Task instructions: A verbatim copy of the records below, pictures omitted, is the task.

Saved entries

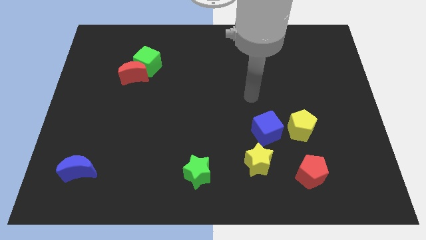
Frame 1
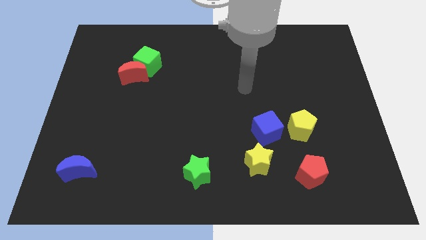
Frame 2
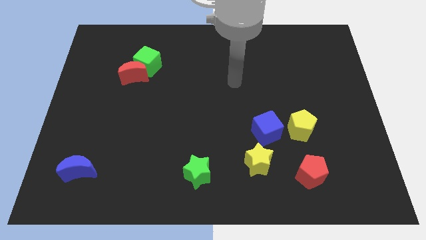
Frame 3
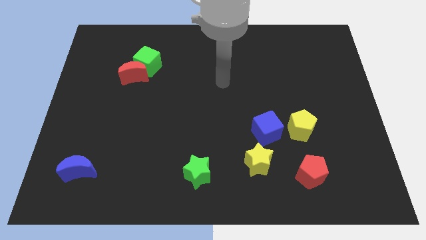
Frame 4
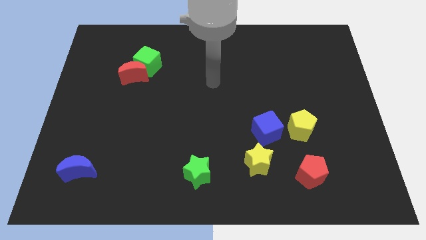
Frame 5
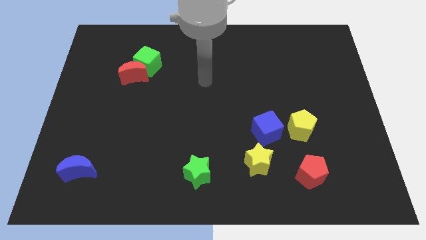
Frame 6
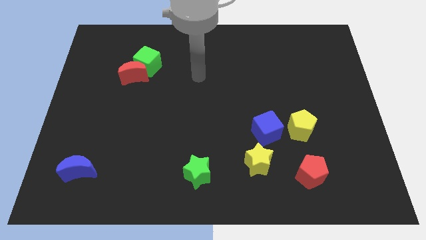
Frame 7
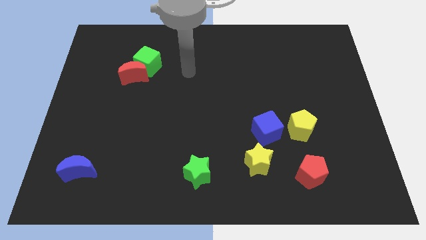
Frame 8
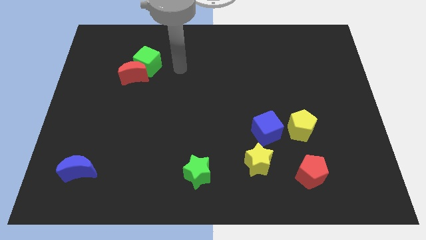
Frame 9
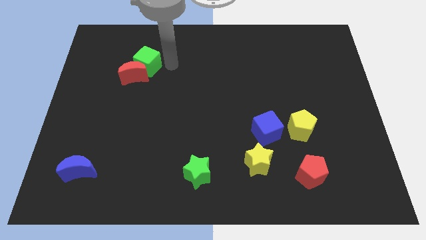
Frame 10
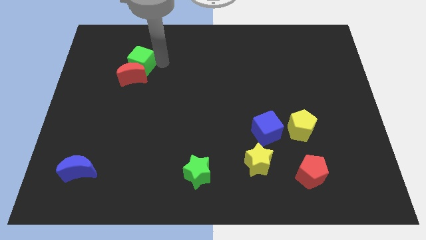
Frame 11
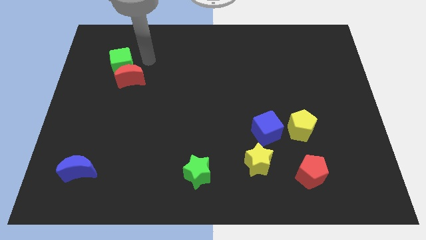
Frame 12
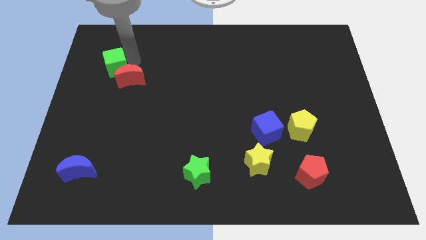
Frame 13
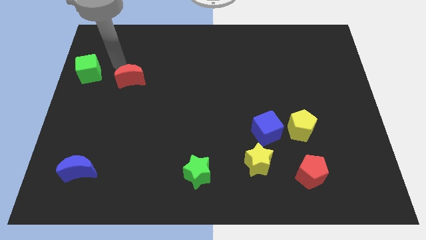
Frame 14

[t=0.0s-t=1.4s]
separate the red moon from the green cube

Written answer:
Frame 1
Frame 2
Frame 3
Frame 4
Frame 5
Frame 6
Frame 7
Frame 8
Frame 9
Frame 10
Frame 11
Frame 12
Frame 13
Frame 14

[t=0.0s-t=1.4s]
separate the red moon from the green cube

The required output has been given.